À terme, le premier tronçon du TCSP devrait se rendre à La Seyne-sur-Mer en partant de La Garde, soit un tracé de 18,3 kilomètres avec 37 stations. Deux prolongements devraient suivre : à l'Est jusqu'au Pradet et à l'Ouest jusqu'à Saint-Mandrier, ce qui ajoute 12,1 kilomètres et 20 stations[8]. La ligne fonctionnera de 5 heures à 1 heure du matin[6] et sera vraisemblablement opérée par des bus de 24 mètres de longueur mais la décision sur le matériel sera prise courant 2011[6],[9].

L'agrandissement du réseau maritimeModifier

 
Un bateau-bus à la station Maritime de Toulon.

Dans le programme des municipales toulonnaises de 2008, il est inscrit qu'une nouvelle liaison maritime serait ouverte entre la petite rade et la ville du Pradet.

À la suite d'une réunion qui s'est tenue mi-octobre 2010 dans les locaux du siège de la Communauté d'Agglomération, Yannick Chevenard, responsable de l'urbanisme et des transports au sein de la Communauté, a annoncé que le réseau maritime serait agrandi de plusieurs lignes en 2017.

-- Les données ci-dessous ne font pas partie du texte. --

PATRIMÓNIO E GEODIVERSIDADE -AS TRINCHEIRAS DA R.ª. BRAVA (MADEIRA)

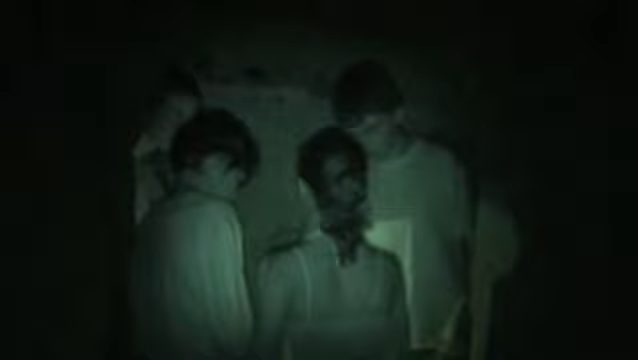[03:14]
Agarra-se. À minha direita tem outro corredor que vai dar ao quarto onde guardavam os elementos e munições e armas.
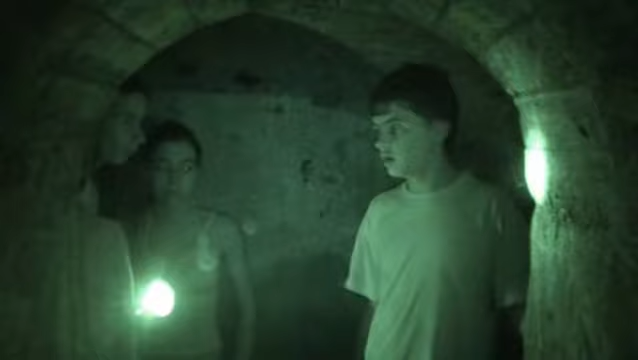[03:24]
E também lá mais ao fundo tem um lugar com mais claridade e era onde estava situado o canhão. À minha esquerda tem aqui que umas escadas, tem mais um pequeno corredor aqui e
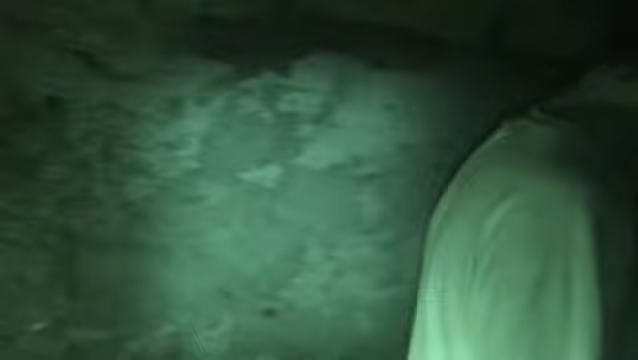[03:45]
vamos aqui à esquerda.
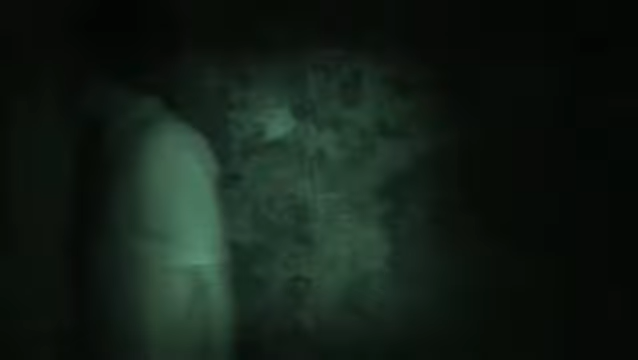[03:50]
Vamos aqui à esquerda e temos
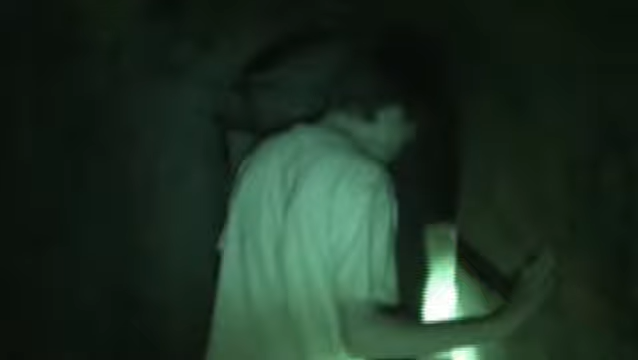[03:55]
aqui
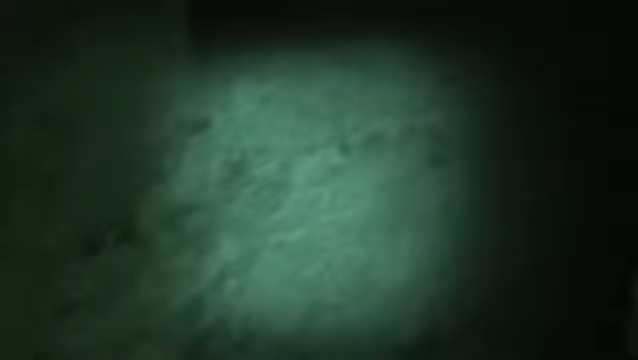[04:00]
a descida para outras partes das trincheiras que nós não conhecemos e está encerrado ao público por causa das obras que soterrou aqui esta parte da trincheira.
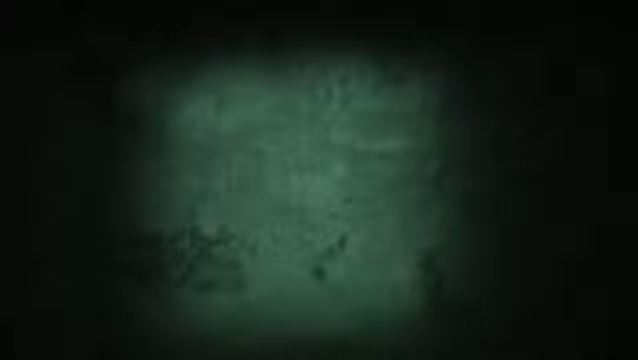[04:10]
Tem lixo e está ali a entrada.
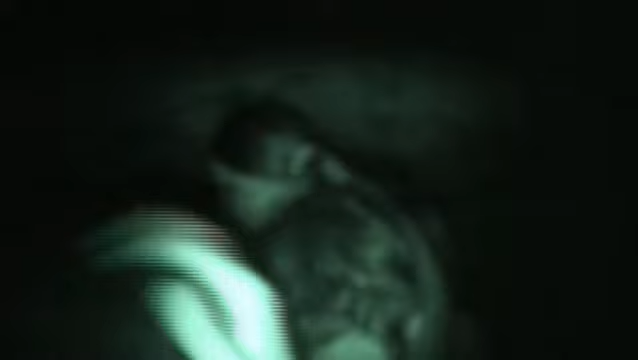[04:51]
Anda. Para trás. Como, à minha direita, como eu disse anteriormente, temos lá agora o quarto onde guardavam as munições, armas e elementos e o canhão.
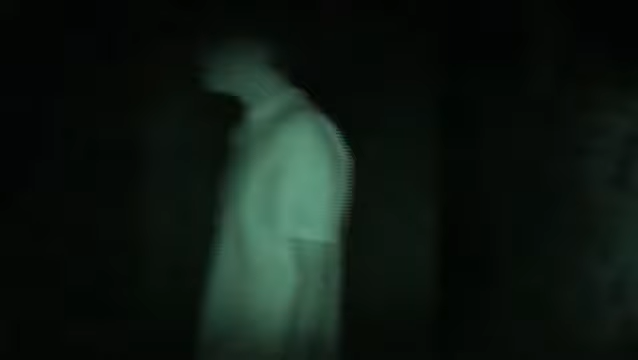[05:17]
Aqui é o quarto onde eles guardavam as munições, as armas e os elementos.
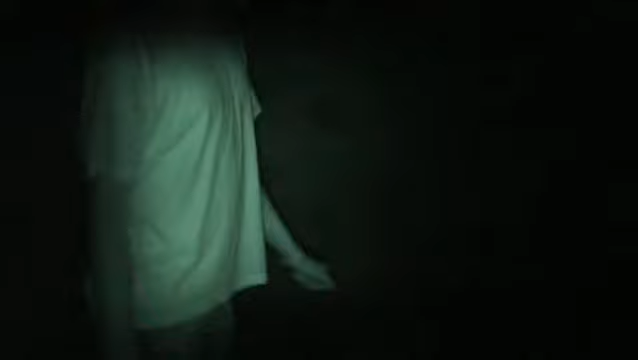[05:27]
E isto está cheio de lixo porque já foram visitar aqui mais. Já viram aqui visitar mais pessoas.
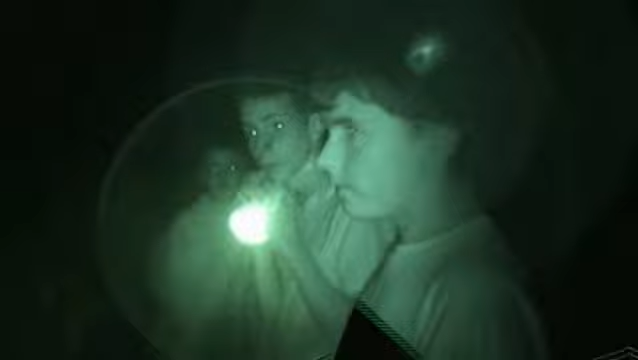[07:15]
Aqui provavelmente este também, este pequeno quarto, devia ser para o mesmo trabalho que o quarto mais além estava, efetuava, e também está em más condições. Caso Zé nunca se ajeita, espaço esquerdo se dizer, vir o centro para a direita.

La ligne du Pradet à Toulon est donc bel et bien lancée, d'autres lignes comme Le MourillonSaint-Mandrier-sur-Mer ou bien une ligne de cabotage faisant le tour de la petite rade feront leur apparition.

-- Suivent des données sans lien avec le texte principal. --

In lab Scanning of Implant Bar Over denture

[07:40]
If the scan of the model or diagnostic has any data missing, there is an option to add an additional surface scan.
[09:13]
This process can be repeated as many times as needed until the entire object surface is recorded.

Élargissement de la communauté d'agglomération en communauté urbaineModifier

Les compagnies exploitées par Transdev devraient vraisemblablement se regrouper pour exploiter un réseau commun dans le "Grand Toulon". Il s'agit des sociétés suivantes :

  • Régie mixte des transports toulonnais (RMTT) desservant Toulon, La Seyne, Saint-Mandrier, La Valette, Le Revest
  • TransVar desservant Toulon, La Valette, La Garde, La Farlède, Solliès, Belgentier, Cuers, Pierrefeu, Collobrières
  • Littoral Cars desservant Toulon, La Seyne-sur-mer, Six-Fours, Sanary, Ollioules, Bandol
  • Société varoise de transports (SVT) desservant Evenos, Le Beausset, Le Castellet, La Cadière, Saint-Cyr, Bandol

D'un autre côté, le groupe Keolis possède deux compagnies exploitant des lignes dans le « Grand Toulon » :

  • La SODETRAV, qui dessert Toulon, La Garde, Le Pradet, Carqueiranne, La Crau, Hyères.
  • Cariane Provence, qui dessert Le Beausset, Le Castellet, La Cadière, Saint-Cyr, Bandol.

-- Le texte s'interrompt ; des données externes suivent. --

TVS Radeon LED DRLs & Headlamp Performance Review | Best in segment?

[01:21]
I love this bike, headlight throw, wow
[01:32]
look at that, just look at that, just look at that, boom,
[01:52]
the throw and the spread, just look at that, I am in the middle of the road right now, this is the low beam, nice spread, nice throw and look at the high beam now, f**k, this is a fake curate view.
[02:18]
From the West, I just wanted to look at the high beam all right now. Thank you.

De plus, TPM envisage un système dit « multimodal », c'est-à-dire qu'avec un seul ticket, on pourrait prendre le bus, le bateau, le train, et par la suite le TCSP (Transport en Commun en Site Propre).

CritiquesModifier

Les points noirs du réseauModifier

Si Veolia Transport (avant la fusion avec Transdev) affirme que le Réseau est un des plus denses de France, les associations d'usagers[10] relèvent que seules dix lignes (1, 3, 5, 7, 8, 9, 15, 18, 36A/B, 191A/B ) ont une fréquence satisfaisante (au moins 4 passages par heure), que l'intermodalité avec la Gare SNCF et routière est très mal assurée (notamment en venant de l'ouest) et que la vitesse commerciale est l'une des plus basses de France (à cause de l'absence de couloirs sur certaines avenues très encombrées telle l'avenue de la République sens ouest-est.

La surfréquentation de certaines lignesModifier

Sur le Réseau Mistral, les lignes les plus fréquentées sont les 1, 3, 6 (Les lignes 7 et 5 ayant été fusionnées pour devenir la ligne 6), 8, 12, 18, 29, 39, 36, 70, 81, 103 et 191. Si les lignes 1 et 3 sont équipées de bus articulés (Irisbus Agora L, Heuliez GX 427), les autres sont équipées de bus standard (Heuliez GX 317, Heuliez GX 327) ce qui n'est pas sans poser des problèmes aux heures de pointe. Certaines lignes souffrent d'une trop faible fréquence de passage (lignes 12, 18, 70 et 103) pour absorber l'affluence à ces heures. Ce problème n'a été résolu que sur la ligne 191 reliant Toulon à l'Université de La Garde : la fréquence a été portée à 5 à 10 minutes en heure de pointe et 10 à 15 minutes en heure creuse, et quelques articulés y sont désormais affectés. En revanche, les lignes 8, 12, 18 et 36 avec un passage toutes les 15 à 20 minutes et les lignes 70 et 103 (passage en moyenne toutes les 30 minutes) rencontrent souvent, quelle que soit l'heure, des problèmes de saturation vis-à-vis des passagers transportés.